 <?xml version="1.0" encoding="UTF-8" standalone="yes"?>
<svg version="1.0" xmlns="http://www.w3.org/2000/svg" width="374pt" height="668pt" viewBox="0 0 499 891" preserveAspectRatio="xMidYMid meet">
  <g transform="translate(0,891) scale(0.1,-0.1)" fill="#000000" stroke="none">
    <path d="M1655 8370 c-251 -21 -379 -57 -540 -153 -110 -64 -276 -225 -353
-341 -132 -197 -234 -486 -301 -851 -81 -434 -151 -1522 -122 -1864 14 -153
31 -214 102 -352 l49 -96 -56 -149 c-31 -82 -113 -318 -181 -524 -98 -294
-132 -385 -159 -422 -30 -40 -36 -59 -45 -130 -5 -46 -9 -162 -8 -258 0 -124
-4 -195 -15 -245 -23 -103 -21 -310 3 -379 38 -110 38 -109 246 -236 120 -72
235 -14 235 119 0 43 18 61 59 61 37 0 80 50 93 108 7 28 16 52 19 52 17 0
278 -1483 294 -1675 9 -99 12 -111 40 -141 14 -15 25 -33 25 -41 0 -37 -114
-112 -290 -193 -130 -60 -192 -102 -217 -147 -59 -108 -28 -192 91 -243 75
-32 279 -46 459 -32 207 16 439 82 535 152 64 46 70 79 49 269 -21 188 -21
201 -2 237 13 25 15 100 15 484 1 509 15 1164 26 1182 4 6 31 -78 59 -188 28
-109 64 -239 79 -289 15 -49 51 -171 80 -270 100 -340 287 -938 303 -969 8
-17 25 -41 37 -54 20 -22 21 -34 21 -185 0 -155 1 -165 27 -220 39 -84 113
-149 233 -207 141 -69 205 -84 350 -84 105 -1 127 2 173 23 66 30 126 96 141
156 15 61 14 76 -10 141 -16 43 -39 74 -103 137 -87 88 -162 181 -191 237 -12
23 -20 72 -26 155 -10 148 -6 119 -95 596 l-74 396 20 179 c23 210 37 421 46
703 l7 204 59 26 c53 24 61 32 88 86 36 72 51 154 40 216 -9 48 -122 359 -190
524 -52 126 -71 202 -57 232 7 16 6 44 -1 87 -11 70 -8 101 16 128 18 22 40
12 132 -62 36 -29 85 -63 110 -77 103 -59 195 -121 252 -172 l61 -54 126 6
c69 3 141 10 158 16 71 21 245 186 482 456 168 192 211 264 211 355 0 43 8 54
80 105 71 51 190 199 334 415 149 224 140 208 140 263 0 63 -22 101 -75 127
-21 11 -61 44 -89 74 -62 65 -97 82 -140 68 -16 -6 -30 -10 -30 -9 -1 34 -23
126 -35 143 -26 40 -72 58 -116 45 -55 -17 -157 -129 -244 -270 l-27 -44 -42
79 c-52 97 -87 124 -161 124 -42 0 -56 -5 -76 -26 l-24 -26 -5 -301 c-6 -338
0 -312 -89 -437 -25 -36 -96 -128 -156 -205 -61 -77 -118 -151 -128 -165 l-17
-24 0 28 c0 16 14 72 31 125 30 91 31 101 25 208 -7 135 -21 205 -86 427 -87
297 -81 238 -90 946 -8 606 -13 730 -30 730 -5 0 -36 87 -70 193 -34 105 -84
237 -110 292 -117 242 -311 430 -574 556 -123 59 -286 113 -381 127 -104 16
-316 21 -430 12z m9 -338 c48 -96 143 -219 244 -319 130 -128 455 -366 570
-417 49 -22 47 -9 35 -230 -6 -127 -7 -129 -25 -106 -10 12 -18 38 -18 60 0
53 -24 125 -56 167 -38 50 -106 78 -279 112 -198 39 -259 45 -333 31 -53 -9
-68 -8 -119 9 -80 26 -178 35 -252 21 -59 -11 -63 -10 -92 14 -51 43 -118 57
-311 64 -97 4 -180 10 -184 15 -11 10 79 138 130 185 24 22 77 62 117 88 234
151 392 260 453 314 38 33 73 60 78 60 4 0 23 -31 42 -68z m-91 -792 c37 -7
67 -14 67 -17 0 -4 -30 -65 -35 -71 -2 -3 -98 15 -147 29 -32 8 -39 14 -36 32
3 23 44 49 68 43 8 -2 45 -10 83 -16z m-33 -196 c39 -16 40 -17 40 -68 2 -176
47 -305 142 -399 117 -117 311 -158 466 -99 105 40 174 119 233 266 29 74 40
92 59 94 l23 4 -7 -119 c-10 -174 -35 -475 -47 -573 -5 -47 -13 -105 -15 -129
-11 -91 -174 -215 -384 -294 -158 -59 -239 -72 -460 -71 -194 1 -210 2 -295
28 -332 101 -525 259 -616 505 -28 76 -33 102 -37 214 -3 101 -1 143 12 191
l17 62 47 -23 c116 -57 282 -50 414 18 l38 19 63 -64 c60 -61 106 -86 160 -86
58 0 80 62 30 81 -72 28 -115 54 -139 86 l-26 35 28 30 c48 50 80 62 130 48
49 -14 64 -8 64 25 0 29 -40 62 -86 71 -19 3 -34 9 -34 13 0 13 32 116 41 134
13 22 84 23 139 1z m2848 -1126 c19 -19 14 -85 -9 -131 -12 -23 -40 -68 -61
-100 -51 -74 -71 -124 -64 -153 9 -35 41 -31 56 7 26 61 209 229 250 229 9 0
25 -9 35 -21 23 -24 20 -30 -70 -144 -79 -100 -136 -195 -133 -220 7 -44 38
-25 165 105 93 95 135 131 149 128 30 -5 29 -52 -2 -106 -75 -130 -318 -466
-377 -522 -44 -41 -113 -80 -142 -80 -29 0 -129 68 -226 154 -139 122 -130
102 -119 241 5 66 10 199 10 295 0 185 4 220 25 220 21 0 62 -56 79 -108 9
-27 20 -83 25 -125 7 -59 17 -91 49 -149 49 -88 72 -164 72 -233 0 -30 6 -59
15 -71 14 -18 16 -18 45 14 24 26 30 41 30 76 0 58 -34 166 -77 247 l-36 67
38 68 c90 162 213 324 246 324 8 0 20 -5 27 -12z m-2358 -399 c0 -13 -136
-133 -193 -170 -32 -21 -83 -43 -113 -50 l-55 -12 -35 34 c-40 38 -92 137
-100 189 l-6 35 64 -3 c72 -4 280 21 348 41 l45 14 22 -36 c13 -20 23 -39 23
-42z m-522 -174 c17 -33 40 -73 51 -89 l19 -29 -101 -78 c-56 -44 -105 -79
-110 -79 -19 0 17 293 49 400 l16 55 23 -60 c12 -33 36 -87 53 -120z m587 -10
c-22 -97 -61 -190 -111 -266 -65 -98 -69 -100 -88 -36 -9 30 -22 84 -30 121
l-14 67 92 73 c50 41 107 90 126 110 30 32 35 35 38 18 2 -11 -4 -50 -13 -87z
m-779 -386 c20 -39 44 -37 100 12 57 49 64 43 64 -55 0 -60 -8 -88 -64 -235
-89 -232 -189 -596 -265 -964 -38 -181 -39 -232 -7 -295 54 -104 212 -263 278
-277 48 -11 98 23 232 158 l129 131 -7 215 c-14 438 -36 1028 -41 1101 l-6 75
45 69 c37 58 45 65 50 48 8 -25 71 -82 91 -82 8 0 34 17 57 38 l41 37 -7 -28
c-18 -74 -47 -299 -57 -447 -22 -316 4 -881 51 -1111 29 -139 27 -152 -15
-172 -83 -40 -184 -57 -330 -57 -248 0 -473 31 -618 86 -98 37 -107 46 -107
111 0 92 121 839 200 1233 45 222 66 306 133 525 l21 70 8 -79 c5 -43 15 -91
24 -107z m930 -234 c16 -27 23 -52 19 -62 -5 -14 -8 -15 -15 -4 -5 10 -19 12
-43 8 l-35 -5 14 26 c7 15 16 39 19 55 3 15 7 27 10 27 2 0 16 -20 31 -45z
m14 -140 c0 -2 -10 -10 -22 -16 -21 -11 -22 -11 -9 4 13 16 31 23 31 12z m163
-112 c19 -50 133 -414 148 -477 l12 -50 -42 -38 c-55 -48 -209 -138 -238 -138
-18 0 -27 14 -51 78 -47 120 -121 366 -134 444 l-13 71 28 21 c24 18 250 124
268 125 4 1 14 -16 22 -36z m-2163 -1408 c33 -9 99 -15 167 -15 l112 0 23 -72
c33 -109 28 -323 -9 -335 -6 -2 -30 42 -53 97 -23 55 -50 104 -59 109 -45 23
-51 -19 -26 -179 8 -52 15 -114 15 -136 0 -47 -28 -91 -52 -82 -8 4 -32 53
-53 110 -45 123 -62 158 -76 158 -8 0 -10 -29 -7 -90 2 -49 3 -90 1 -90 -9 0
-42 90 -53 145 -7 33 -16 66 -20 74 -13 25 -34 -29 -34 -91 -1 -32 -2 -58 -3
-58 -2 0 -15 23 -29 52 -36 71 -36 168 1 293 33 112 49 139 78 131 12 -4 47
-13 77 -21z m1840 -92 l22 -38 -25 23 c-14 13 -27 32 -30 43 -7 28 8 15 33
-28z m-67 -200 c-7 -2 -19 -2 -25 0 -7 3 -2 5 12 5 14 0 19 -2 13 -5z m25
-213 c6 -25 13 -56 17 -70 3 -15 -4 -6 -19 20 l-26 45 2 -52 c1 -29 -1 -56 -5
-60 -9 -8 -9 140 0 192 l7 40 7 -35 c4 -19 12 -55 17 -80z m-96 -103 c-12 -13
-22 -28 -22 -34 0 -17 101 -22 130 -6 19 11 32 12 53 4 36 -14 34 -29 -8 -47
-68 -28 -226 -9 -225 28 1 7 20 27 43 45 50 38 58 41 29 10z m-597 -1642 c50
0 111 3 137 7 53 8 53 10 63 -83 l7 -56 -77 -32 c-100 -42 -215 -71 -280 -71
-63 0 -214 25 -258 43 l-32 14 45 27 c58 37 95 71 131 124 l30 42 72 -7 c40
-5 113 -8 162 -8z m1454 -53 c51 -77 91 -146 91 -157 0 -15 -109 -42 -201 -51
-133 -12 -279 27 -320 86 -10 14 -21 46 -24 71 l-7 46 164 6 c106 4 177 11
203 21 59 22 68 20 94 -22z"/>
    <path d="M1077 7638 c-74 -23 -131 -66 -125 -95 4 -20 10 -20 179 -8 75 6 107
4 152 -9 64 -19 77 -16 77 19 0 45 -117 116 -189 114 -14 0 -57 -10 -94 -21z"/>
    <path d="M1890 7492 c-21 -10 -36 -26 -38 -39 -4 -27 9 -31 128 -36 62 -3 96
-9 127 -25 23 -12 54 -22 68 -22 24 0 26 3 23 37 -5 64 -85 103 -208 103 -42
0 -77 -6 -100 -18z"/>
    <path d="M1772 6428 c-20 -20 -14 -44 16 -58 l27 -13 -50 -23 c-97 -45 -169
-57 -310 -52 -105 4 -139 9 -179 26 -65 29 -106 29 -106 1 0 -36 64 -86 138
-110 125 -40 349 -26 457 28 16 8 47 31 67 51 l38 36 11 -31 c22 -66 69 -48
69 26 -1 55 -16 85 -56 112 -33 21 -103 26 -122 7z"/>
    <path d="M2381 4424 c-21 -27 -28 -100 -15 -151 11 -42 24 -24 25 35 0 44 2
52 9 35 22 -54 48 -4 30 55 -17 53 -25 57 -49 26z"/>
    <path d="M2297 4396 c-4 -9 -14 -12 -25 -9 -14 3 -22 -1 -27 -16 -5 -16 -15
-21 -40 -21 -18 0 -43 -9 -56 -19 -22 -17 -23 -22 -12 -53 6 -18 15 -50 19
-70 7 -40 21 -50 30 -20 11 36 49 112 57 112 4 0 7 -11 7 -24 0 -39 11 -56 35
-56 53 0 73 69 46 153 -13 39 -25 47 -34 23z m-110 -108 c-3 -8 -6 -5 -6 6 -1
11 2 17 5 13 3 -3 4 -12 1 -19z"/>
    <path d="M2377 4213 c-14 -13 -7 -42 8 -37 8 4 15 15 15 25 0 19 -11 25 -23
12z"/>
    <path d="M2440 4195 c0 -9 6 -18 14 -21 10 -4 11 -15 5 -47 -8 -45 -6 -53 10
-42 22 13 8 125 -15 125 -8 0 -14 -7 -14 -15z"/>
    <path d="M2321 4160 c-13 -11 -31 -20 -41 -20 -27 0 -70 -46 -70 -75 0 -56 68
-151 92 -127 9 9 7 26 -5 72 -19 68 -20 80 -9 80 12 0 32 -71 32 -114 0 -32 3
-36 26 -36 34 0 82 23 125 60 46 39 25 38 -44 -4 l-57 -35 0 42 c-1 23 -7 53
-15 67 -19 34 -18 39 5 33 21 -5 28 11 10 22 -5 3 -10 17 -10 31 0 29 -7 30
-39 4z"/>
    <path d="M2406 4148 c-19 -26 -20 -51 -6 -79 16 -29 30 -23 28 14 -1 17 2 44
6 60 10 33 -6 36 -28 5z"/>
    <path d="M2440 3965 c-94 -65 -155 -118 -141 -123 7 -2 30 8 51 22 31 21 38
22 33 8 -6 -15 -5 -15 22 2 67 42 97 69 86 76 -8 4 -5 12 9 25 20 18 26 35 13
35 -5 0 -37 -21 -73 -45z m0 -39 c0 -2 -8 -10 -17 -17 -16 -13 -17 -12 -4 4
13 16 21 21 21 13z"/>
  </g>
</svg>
-.-.-
◆ **Problem to work on**: Using the entries shown above, reproduce verbatim the lines from the line bearing "c-22 -97 -61" to the line bearing "-213 c6 -25", inclusive.

◆ **Reply to the exercise**:
c-22 -97 -61 -190 -111 -266 -65 -98 -69 -100 -88 -36 -9 30 -22 84 -30 121
l-14 67 92 73 c50 41 107 90 126 110 30 32 35 35 38 18 2 -11 -4 -50 -13 -87z
m-779 -386 c20 -39 44 -37 100 12 57 49 64 43 64 -55 0 -60 -8 -88 -64 -235
-89 -232 -189 -596 -265 -964 -38 -181 -39 -232 -7 -295 54 -104 212 -263 278
-277 48 -11 98 23 232 158 l129 131 -7 215 c-14 438 -36 1028 -41 1101 l-6 75
45 69 c37 58 45 65 50 48 8 -25 71 -82 91 -82 8 0 34 17 57 38 l41 37 -7 -28
c-18 -74 -47 -299 -57 -447 -22 -316 4 -881 51 -1111 29 -139 27 -152 -15
-172 -83 -40 -184 -57 -330 -57 -248 0 -473 31 -618 86 -98 37 -107 46 -107
111 0 92 121 839 200 1233 45 222 66 306 133 525 l21 70 8 -79 c5 -43 15 -91
24 -107z m930 -234 c16 -27 23 -52 19 -62 -5 -14 -8 -15 -15 -4 -5 10 -19 12
-43 8 l-35 -5 14 26 c7 15 16 39 19 55 3 15 7 27 10 27 2 0 16 -20 31 -45z
m14 -140 c0 -2 -10 -10 -22 -16 -21 -11 -22 -11 -9 4 13 16 31 23 31 12z m163
-112 c19 -50 133 -414 148 -477 l12 -50 -42 -38 c-55 -48 -209 -138 -238 -138
-18 0 -27 14 -51 78 -47 120 -121 366 -134 444 l-13 71 28 21 c24 18 250 124
268 125 4 1 14 -16 22 -36z m-2163 -1408 c33 -9 99 -15 167 -15 l112 0 23 -72
c33 -109 28 -323 -9 -335 -6 -2 -30 42 -53 97 -23 55 -50 104 -59 109 -45 23
-51 -19 -26 -179 8 -52 15 -114 15 -136 0 -47 -28 -91 -52 -82 -8 4 -32 53
-53 110 -45 123 -62 158 -76 158 -8 0 -10 -29 -7 -90 2 -49 3 -90 1 -90 -9 0
-42 90 -53 145 -7 33 -16 66 -20 74 -13 25 -34 -29 -34 -91 -1 -32 -2 -58 -3
-58 -2 0 -15 23 -29 52 -36 71 -36 168 1 293 33 112 49 139 78 131 12 -4 47
-13 77 -21z m1840 -92 l22 -38 -25 23 c-14 13 -27 32 -30 43 -7 28 8 15 33
-28z m-67 -200 c-7 -2 -19 -2 -25 0 -7 3 -2 5 12 5 14 0 19 -2 13 -5z m25
-213 c6 -25 13 -56 17 -70 3 -15 -4 -6 -19 20 l-26 45 2 -52 c1 -29 -1 -56 -5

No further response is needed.